I HATE people who do this. How can they just sell their poor pet onto a random person, they dont know if it's going to be taken care of or not 

I wish I lived closer, I would have taken the poor little thing.


----------



## Guest (Jun 18, 2011)

Wish I lived closer or drove


----------



## zany_toon (Jan 30, 2009)

I would have taken it in too if I was closer just to get it away from some one who would list it on ebay


----------



## hope (May 25, 2011)

oh my god poor hamster and its cages looks filthy .and £30 must be a druggie selling his daughters pet to get a fix  what a prat


----------



## bewitched (Jun 9, 2010)

People like this really make my blood boil. I'm near Preston as well but have no room for it :cryin:


----------



## Guest (Jun 18, 2011)

hope said:


> oh my god poor hamster and its cages looks filthy .and £30 must be a druggie selling his daughters pet to get a fix  what a prat


Not quite sure what led you to that conclusion  What they are doing is wrong but that doesn't make them a "druggie" :blush:


----------



## Pomegranate (Nov 15, 2009)

I reported it. The 'Report item' link is at the top right of the description section.



hope said:


> oh my god poor hamster and its cages looks filthy .and £30 must be a druggie selling his daughters pet to get a fix  what a prat


I agree it's a bad way to rehome an animal, but that's assuming a lot about someone you don't know.


----------



## niki87 (Nov 18, 2009)

Argh!!!!!!!!!!!!!!!!!!!!!!!!!!!!!!!!!!

This was on a week or so ago! I told them I would take hamster but not cage....they said yeah great but contact has since broken. Can't believe that the poor thing is up there again!!!!!!!!!


----------



## zany_toon (Jan 30, 2009)

So it's been on before Niki? might be worth contacting them again. I can't get over some people!


----------



## niki87 (Nov 18, 2009)

zany_toon said:


> So it's been on before Niki? might be worth contacting them again. I can't get over some people!

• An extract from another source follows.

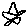
Label: star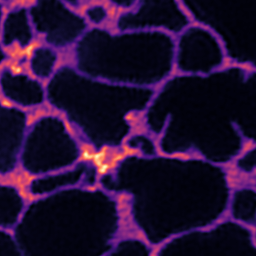
Label: Super-resolution ER image

I do feel bad but having had no response I did forget about the poor mite.

OK emailed them just now...not expecting anything till tomorrow though. We'll see....will certainly keep you updated. If anyone would like him let me know as I have bonding etc going on at the moment and if someone can give him more attention then I would feel better about it. Let me know...my OH is happy to deliver within reasonable distances!!


----------



## thedogsmother (Aug 28, 2008)

niki87 said:


> I do feel bad but having had no response I did forget about the poor mite.
> 
> OK emailed them just now...not expecting anything till tomorrow though. We'll see....will certainly keep you updated. If anyone would like him let me know as I have bonding etc going on at the moment and if someone can give him more attention then I would feel better about it. Let me know...my OH is happy to deliver within reasonable distances!!


Its about time you just gave up to the inevitable Niki, just officially call yourself an animal rescue and be done with it


----------



## niki87 (Nov 18, 2009)

thedogsmother said:


> Its about time you just gave up to the inevitable Niki, just officially call yourself an animal rescue and be done with it


I have ABSOLUTELY NO idea what you are talking about!!!!!!!!!!!


----------



## zany_toon (Jan 30, 2009)

Sorry Niki, but I'm with TDM on this one  :lol:


----------



## momentofmadness (Jul 19, 2008)

Pomegranate said:


> I reported it. The 'Report item' link is at the top right of the description section.
> 
> I agree it's a bad way to rehome an animal, but that's assuming a lot about someone you don't know.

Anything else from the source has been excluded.